In today's report I will talk about one of the areas in which we have been very concentrated in recent years. This is an online assessment of the quality of web services.
Over the past five years, I and my colleagues have been able to make a significant contribution to the development of this subject, we have published 14 articles at leading conferences. One of them received the award for the best article at the leading information search conference in 2015.
Online quality assessment in the development of a web service or product plays a key role in deciding whether to launch new functionality. Let's take a look at how this process works in Yandex.
Dozens of experiments are conducted at any time. An example of the experiment is shown on this slide. We see two options for issuing on the same search query. Next to the results of the issuance of the right there are miniature pictures.
Do you think the right-hand option is better than the left, and improves service? The correct answer will say later.
The slide again shows two options for issuing the same search query. On the right variant there is no factoid.
Do you think the right service option is better than the left one? The correct answer will say later.
The answer to my inquiries strongly depends on what we put into the concept of “improve”. So let's see what is under the hood of AB-testing.
It is useful to recall the key points of support for this process.
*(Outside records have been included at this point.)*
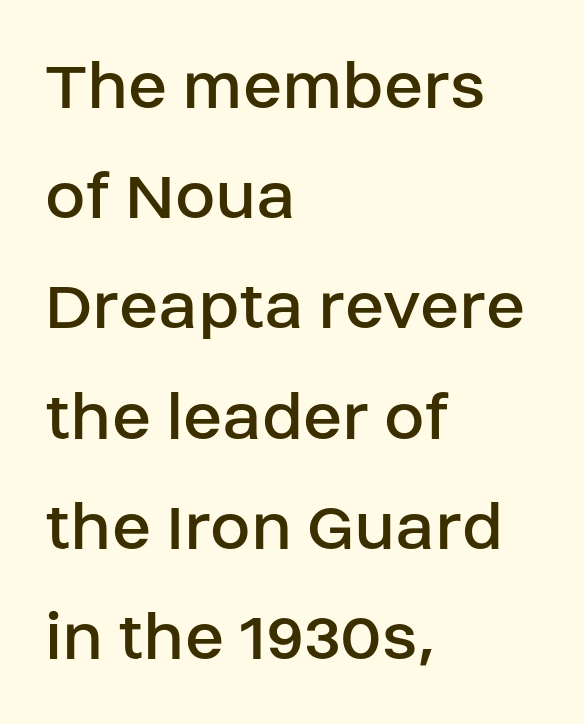
Vertical strokes here are truly vertical. Characters follow at the spacing the type designer built in. Alignment: flush left. A typesetter would call this leading conventional body-copy spacing.
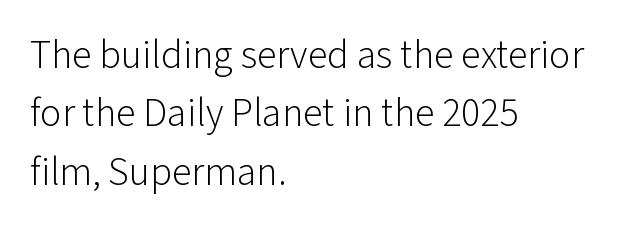
Q: Is the text bold? A: No.
Q: Is the text italic (slanted)? A: No, it is upright.
Q: Is the typeface a serif or a sans-serif typeface? A: Sans-serif.
Q: Is the text underlined? A: No.
Q: How is the paragraph aligned? A: Left-aligned.
Q: Is the spacing between letters normal or unusually wide? A: Normal.
Q: Is the spacing between lines tight, normal or loose? A: Normal.
Q: Width (condensed, normal, or wide)? A: Normal.
Q: Stroke contrast? A: Low.
Q: x-height? A: Medium.
Q: Monospaced? A: No.
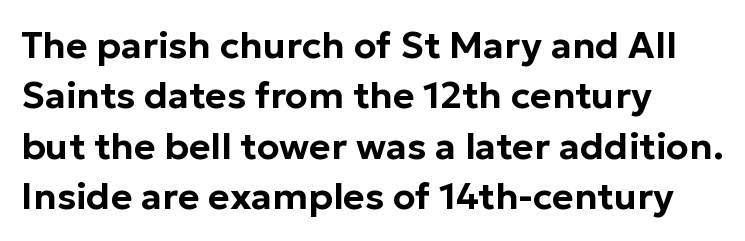
Each letter keeps its own natural width here, so spacing adapts to shape. The block of text has a typical density, with ordinary space between rows. A roman cut, with each character standing at attention. Beneath every word, the page is bare. These lines are composed in type without serifs. Inter-character spacing is left at the font's built-in metrics.
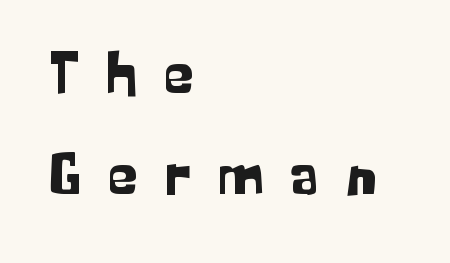
{"serif": "no", "italic": "no", "width": "normal", "stroke_contrast": "low", "x_height": "medium", "monospaced": "no", "underline": "no", "align": "left", "line_spacing": "normal", "line_spacing_ratio": 1.69, "letter_spacing": "wide", "letter_spacing_em": 0.46, "glyph_px": 60}
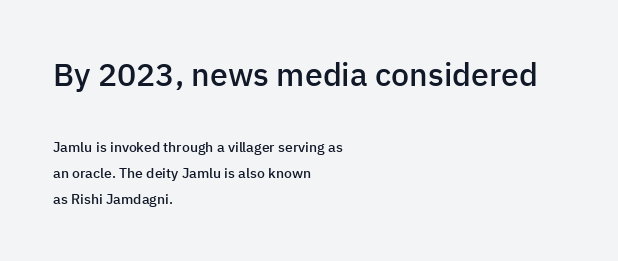
Slightly chunky letters — semibold, I'd say, not full bold. Typeset ragged right — the left edge is the straight one. The earlier block is typeset at a bigger size than the later block. Has an underline been added? It has not. The line texture is even and compact thanks to regular tracking.
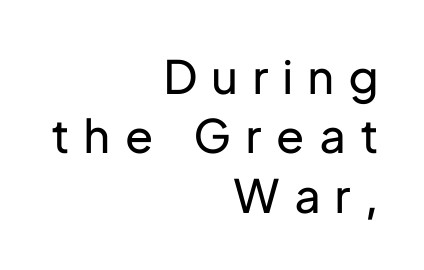
If you measured baseline to baseline, you'd find a middling distance. The gap between lines stays unmarked. A typesetter would call this heavily tracked-out type. A typesetter would label this face a sans. The strokes carry an ordinary text weight at most. The letters advance in unequal steps, a hallmark of proportional type.
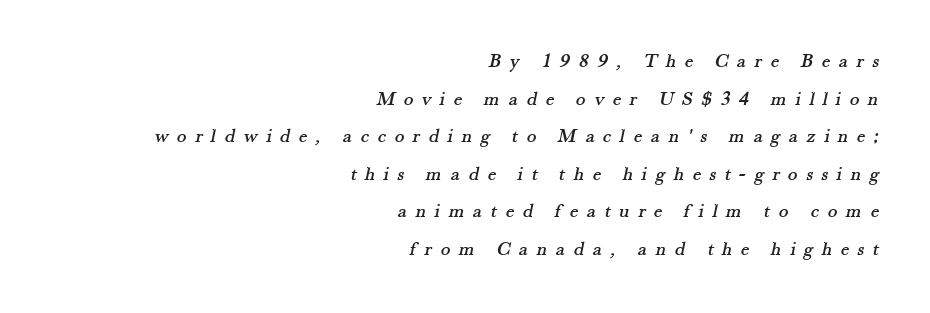
Q: Is the text underlined? A: No.
Q: How is the paragraph aligned? A: Right-aligned.
Q: Is the spacing between letters normal or unusually wide? A: Unusually wide.
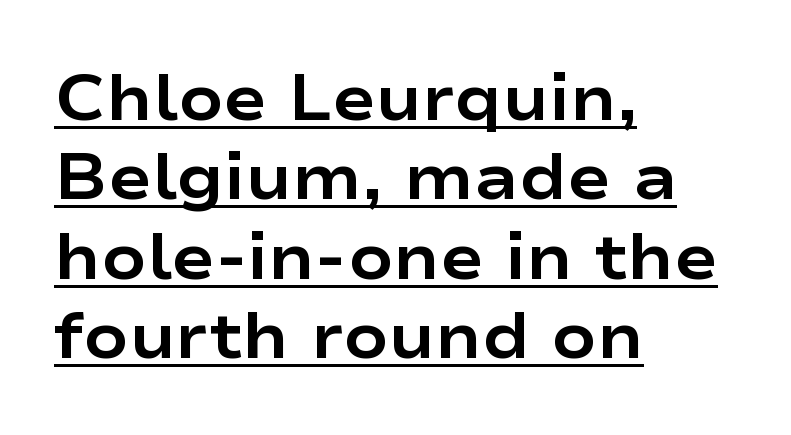
{"serif": "no", "italic": "no", "bold": "yes", "weight": "bold", "width": "wide", "stroke_contrast": "low", "x_height": "medium", "monospaced": "no", "underline": "yes", "align": "left", "line_spacing_ratio": 1.22, "letter_spacing": "normal", "letter_spacing_em": 0.0, "glyph_px": 65}
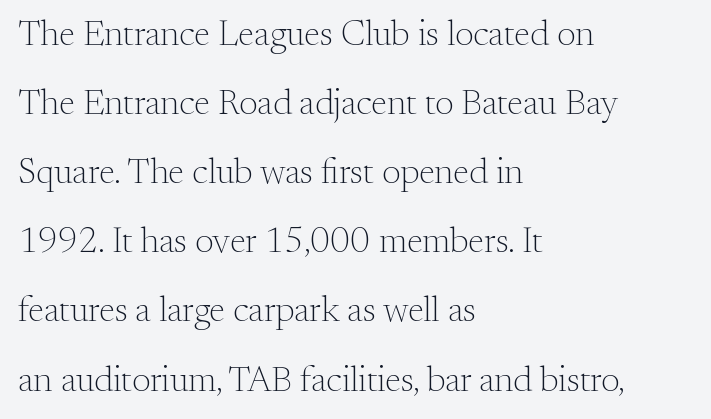
Type style note: has serifs. Here the designer chose a conventional face with non-uniform glyph widths. Upright lettering throughout. Which margin do the lines hug? The left one — the right edge is uneven.
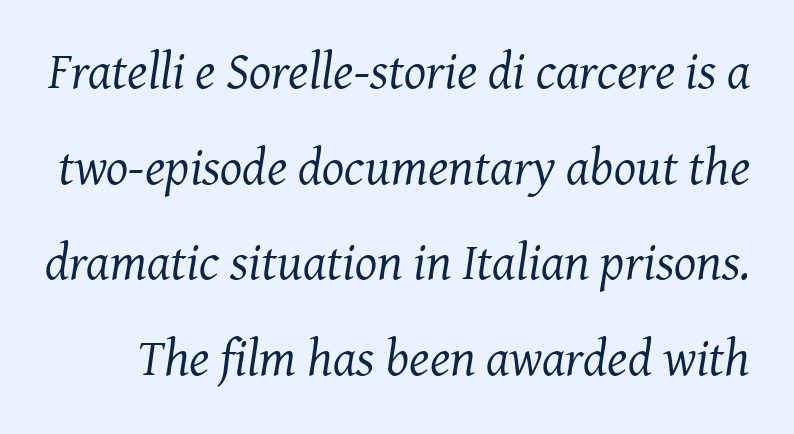
Q: Is the text bold? A: No.
Q: Is the text italic (slanted)? A: Yes, it leans right by about 7 degrees.
Q: Is the typeface a serif or a sans-serif typeface? A: Serif.
Q: Is the text underlined? A: No.
Q: Is the spacing between letters normal or unusually wide? A: Normal.
Q: Width (condensed, normal, or wide)? A: Normal.
Q: Stroke contrast? A: Medium.
Q: x-height? A: Medium.
Q: Monospaced? A: No.
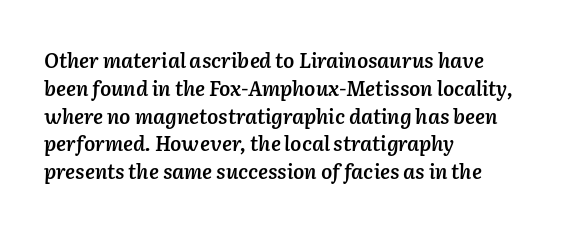
{"italic": "yes", "lean": "right", "slant_degrees": 2, "bold": "semi", "underline": "no", "align": "left", "line_spacing": "normal", "line_spacing_ratio": 1.39, "letter_spacing": "normal", "letter_spacing_em": 0.0, "glyph_px": 20}
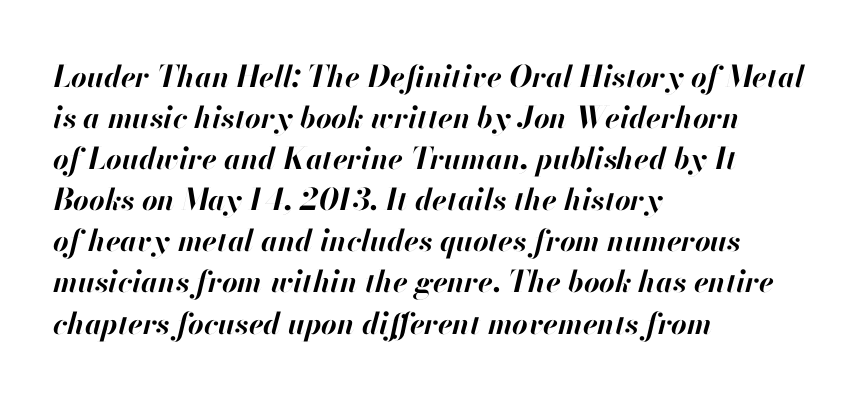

For each experiment, a certain set of users is allocated that will participate in this experiment. Further, this set is divided randomly into two groups. For example, equally. We define half of the users in group A, and half in group B.
Each of these groups then displays its own version of your website, web service, or product. For example, group A shows the current working version of the product, which is shown to most users, and group B shows the new experimental version of the product, which contains, for example, the new functionality that you want to test.
After the expiration of a certain time, you complete the experiment, for example, in a week or two, and collect some statistics and information about their behavior from all users. For example, it can be one number for each user. This number — for example, the number of user sessions on a site during an experiment — we call the key metric. We aggregate these numbers among all users in each group, and get a number for each of the groups. This is sometimes called an aggregated metric or evaluation criterion. Thus, we get one number for each group. For our example, this is the average number of sessions per user in each group.
Having these two numbers, we take their difference, and compare this difference with zero, in order to understand whether your metric has changed in a positive or negative direction, and also remember how big this difference was.
But this is not enough for you to know. We all know that the division of users into groups is random, the behavior of users is also completely subject to a random process, and therefore the observation of your difference is a certain random variable. Or the implementation of a random variable.
To understand whether the observed difference differs from the possible noise in the data, we apply a statistical test. For example, it may be the well-known Student's t-test.
After that, we decide whether or not the change we are seeing is a consequence of the new functionality we are testing. Or, this observation is just a noise in the data, but in reality your new functionality has no effect on users, at least in terms of this metric.
These two processes lead us to two key properties or metric definitions that a metric should possess. Let's take a closer look at these two properties.
In reality, the observed difference in the average values ​​of the metric X for versions A and B is an unbiased estimate of the average effect of influence, which in turn is also the difference, but already the expected value of the metric X for version A and version B.
Thus, it must always be remembered that the observed delta is a realization of a random variable. Let's imagine that as a result of the experiment we got a delta equal to one percent increase in the number of sessions per user. Is it a lot or a little? This is indicated on the screen as a large segment. This is probably a very large value.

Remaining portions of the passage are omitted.